One easy way of DLL injection is the AppInit_DLLs registry value. Note that Microsoft has reserved the right to simply remove this functionality (and likely will do so in the future).
The Microsoft-approved way to achieve DLL injection is licensing Microsoft Detours.
Note that your DLL must be built against the CLR version 4.0 or higher to perform DLL injection safely, because this is the first version to support in-proc side-by-side.
If you mean injecting your code into another process, then dll injection is one technique:
http://en.wikipedia.org/wiki/DLL_injection
Haven't done this for years, so not sure how happy modern MS Windows operating systems (i.e. post XP) are going to be with this.

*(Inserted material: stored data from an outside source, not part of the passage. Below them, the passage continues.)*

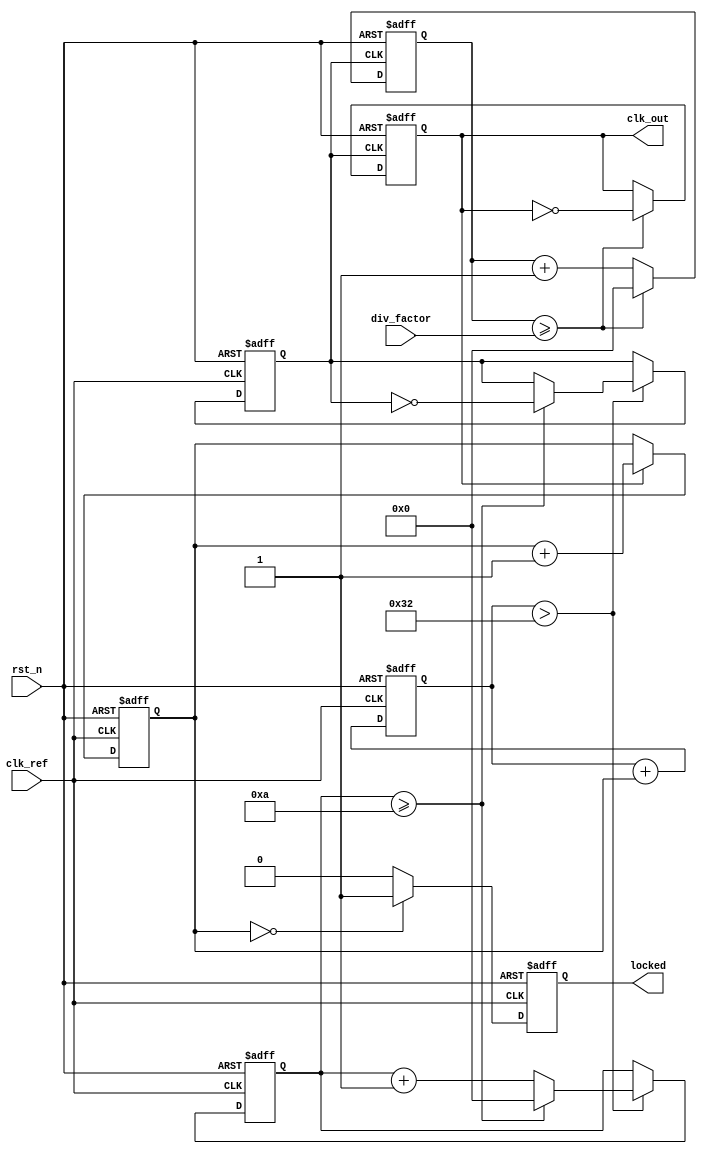
module low_jitter_pll (
    input wire clk_ref,          // Reference clock input
    input wire rst_n,           // Active low reset
    input wire [3:0] div_factor, // Divider factor for feedback
    output wire clk_out,        // PLL output clock
    output wire locked          // PLL lock status
);

// Parameters
parameter integer VCO_MAX_FREQ = 100; // Maximum VCO frequency (in MHz)
parameter integer VCO_MIN_FREQ = 10;   // Minimum VCO frequency (in MHz)

// Internal signals
reg [3:0] phase_error;              // Phase error signal from PD
reg [7:0] control_voltage;           // Control voltage for VCO
reg vco_enable;                      // VCO enable signal
reg [3:0] vco_count;                 // VCO counter
reg clk_vco;                         // VCO output clock
reg [3:0] divider_count;             // Divider counter
reg locked_reg;                      // Lock status register

// Phase Detector (PD)
always @(posedge clk_ref or negedge rst_n) begin
    if (!rst_n) begin
        phase_error <= 0;
    end else begin
        // Simple phase comparison logic (not detailed)
        // Assume clk_out is sampled to determine phase
        if (clk_out) begin
            phase_error <= phase_error + 1; // Increment phase error
        end
    end
end

// Loop Filter (LF) - Simple proportional filter
always @(posedge clk_ref or negedge rst_n) begin
    if (!rst_n) begin
        control_voltage <= 0;
    end else begin
        control_voltage <= control_voltage + phase_error; // Adjust control voltage
    end
end

// Voltage-Controlled Oscillator (VCO)
always @(posedge clk_ref or negedge rst_n) begin
    if (!rst_n) begin
        vco_count <= 0;
        clk_vco <= 0;
        vco_enable <= 0;
    end else if (control_voltage > (VCO_MAX_FREQ / 2)) begin
        vco_enable <= 1; // Enable VCO when control voltage is sufficient
        vco_count <= vco_count + 1;
        if (vco_count >= (VCO_MAX_FREQ / 10)) begin // Adjust frequency scaling
            clk_vco <= ~clk_vco;
            vco_count <= 0;
        end
    end else begin
        vco_enable <= 0;
    end
end

// Feedback Divider
always @(posedge clk_vco or negedge rst_n) begin
    if (!rst_n) begin
        divider_count <= 0;
        clk_out <= 0;
    end else begin
        if (divider_count >= div_factor) begin
            clk_out <= ~clk_out; // Toggle output clock
            divider_count <= 0;
        end else begin
            divider_count <= divider_count + 1;
        end
    end
end

// Lock detection logic
always @(posedge clk_ref or negedge rst_n) begin
    if (!rst_n) begin
        locked_reg <= 0;
    end else begin
        // Simple lock detection logic (not detailed)
        if (phase_error == 0) begin
            locked_reg <= 1; // Locked when phase error is zero
        end else begin
            locked_reg <= 0;
        end
    end
end

assign locked = locked_reg;

endmodule
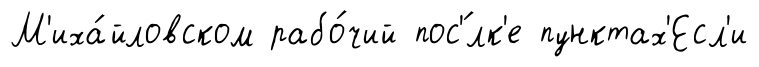
М'иха́йловском рабо́чий пос'́лк'е пунктах'Есл'и
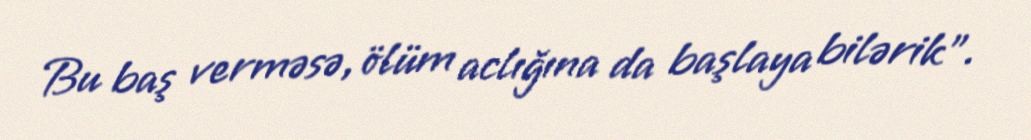
Bu baş verməsə, ölüm aclığına da başlaya bilərik”.
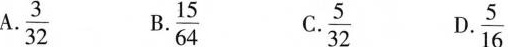
A.\frac{3}{32} B. \frac{15}{64} C.\frac{5}{32} D. \frac{5}{16}
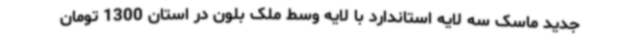
جدید ماسک سه لایه استاندارد با لایه وسط ملک بلون در استان 1300 تومان
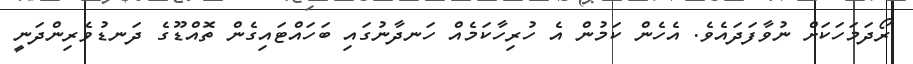
ރޯދަމަހަކަށް ނުވާފަދައެވެ. އެހެން ކަމުން އެ ހުރިހާކަމެއް ހަނދާނުގައި ބަހައްޓައިގެން ތޮއްޑޫގެ ދަނޑުވެރިންދަނީ
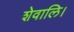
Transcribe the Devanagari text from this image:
शेवालि।
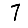
Digit: 7
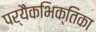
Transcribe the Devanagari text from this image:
पर्यैकभिक्तिका
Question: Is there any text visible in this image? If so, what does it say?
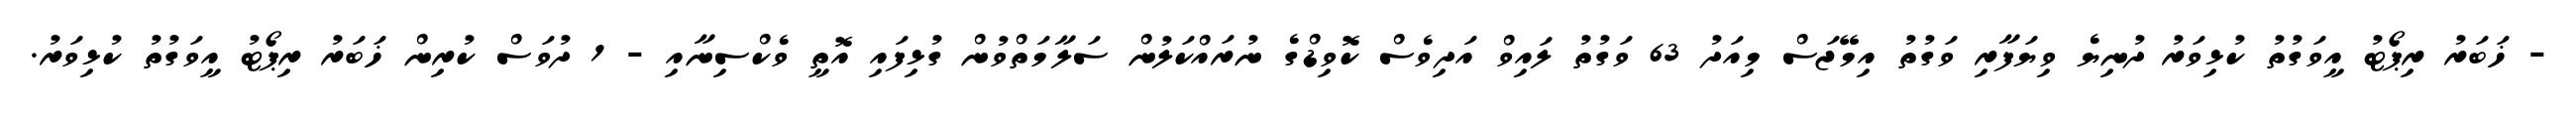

I've not tried this lately, but another way to do this would be to create a Hook DLL:
Create a DLL that contains a Hook Procedure like MessageProc.
Install this DLL into Windows\System32.
Use FindWindows(Ex) to locate your victim process' window.
Use GetWindowThreadProcessId() to find the owning thread of that window. This is necessary to avoid injecting your DLL into every single process on the system.
Use SetWindowsHookEx to hook that thread.
PostMessage a WM_USER message to the window - activating your Hook DLL if it isn't already active.
This would likely invoke the new Windows Vista/7 UIPI/UAC if you're not a sufficiently privileged user but this depends on many factors - your mileage may vary.